Records provided Start Marker

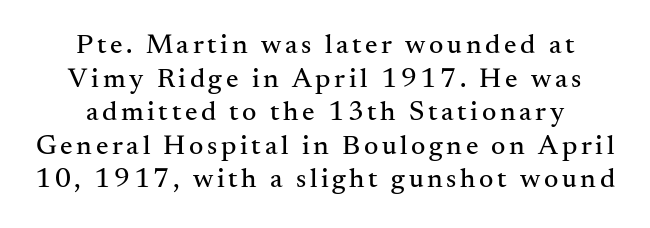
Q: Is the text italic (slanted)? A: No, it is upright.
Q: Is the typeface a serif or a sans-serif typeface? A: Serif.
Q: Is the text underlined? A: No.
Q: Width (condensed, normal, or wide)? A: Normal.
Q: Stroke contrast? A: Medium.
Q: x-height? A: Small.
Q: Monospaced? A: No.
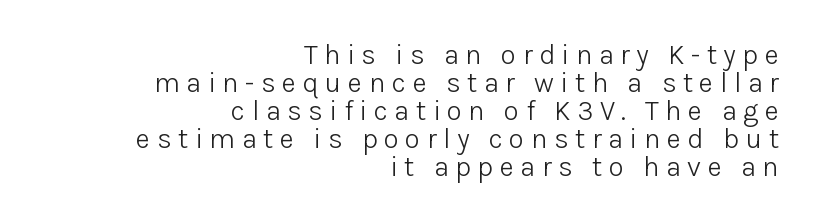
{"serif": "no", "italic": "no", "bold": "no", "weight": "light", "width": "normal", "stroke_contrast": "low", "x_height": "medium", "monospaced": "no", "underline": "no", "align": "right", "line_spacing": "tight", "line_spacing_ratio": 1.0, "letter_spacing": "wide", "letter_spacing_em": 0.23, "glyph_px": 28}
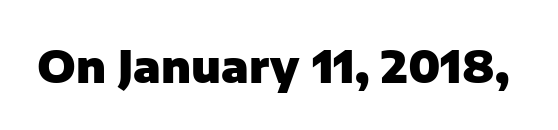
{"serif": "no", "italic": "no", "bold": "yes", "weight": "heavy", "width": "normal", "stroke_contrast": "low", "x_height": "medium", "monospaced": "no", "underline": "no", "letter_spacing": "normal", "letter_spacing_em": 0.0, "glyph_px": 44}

Records provided End Marker
Records provided Start Marker

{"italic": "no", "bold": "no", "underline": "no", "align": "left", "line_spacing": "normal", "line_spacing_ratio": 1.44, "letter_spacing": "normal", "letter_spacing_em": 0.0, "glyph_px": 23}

Records provided End Marker

> [Exercise]:
In the entries above, find the line with "Q: Is the text italic" and the line with "Q: Monospaced? A: No.", then restate word for word both of them and every line between, with nothing more.

> [Completed task]:
Q: Is the text italic (slanted)? A: No, it is upright.
Q: Is the typeface a serif or a sans-serif typeface? A: Serif.
Q: Is the text underlined? A: No.
Q: Width (condensed, normal, or wide)? A: Normal.
Q: Stroke contrast? A: Medium.
Q: x-height? A: Small.
Q: Monospaced? A: No.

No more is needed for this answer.